Capital funding is drying up, but also the dislocation of markets is affecting firms in other ways, even those companies with solid order books. The shares of China High Speed Transmission fell 50% in two days during October when it ran into trouble on its convertible bond-hedging program, having offered the bonds with put protection that proved to be out of the money.

So where are the clean energy funds looking for the future?

"Converting waste to energy via incineration has additional potential as an environmental investment theme," says Andrew Pidden, CIO of Clean Resources Asia, which runs long only and long/short clean energy and water funds. "Forestry also looks interesting, as and when subsidies are forthcoming for leaving forests intact instead of cutting them down."
He also cites hybrid technology as benefiting as electricity or biofuels replace oil in transport, as well as the cutting edge of generating fuel from algae.

The green investment space has come to an impasse. Take cars. Gas guzzlers like sports utility vehicles (known in Britain as 'Chelsea tractors') continue to sell below cost. The death of the Humvee may yet be premature as oil prices tumble. Investment into alternative energy has abated. Yet the long-term trend for oil prices must be upward, once China gets its growth story back on track. In China, coal is trading at $130 per ton, down from the peak of $154 per ton but well above the long-term average price of $70.

This means the old methods and fuel sources are proving more lucrative to investors than the new alternatives.

Utilities and power used to be regarded in investment circles as a 'defensive' area of the market. To the extent that clean energy has tried to affix itself to that sector, then given the performance of 2008, it can hardly be defined as defensive. In the Asian market, investors simply perceived alternative-energy stocks them as China-related mid caps and sold them off.

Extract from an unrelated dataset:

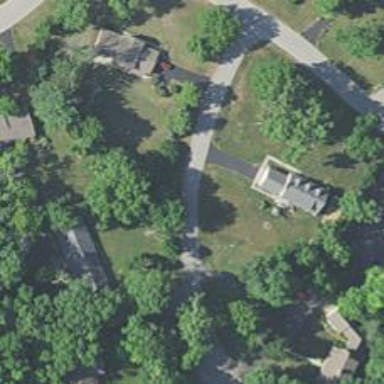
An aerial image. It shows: Residential road.

Here's the rub: in spite of all the green initiatives, investment dollars, subsidies and carbon-credit change incentives, the world's population is still belching out more carbon into the skies every year. None of the good intentions have paid off.

"Sadly, the credit incentives might seem good, and be well intentioned," says Hong Kong-based scientist Dr Martin Williams, "but they are clearly woefully inadequate when it comes to tackling climate change, as are all other measures adopted so far."

There's still a mountain to climb, and whether you're an investor, or just a person inhaling the pollution, the message is that dirty energy still rules.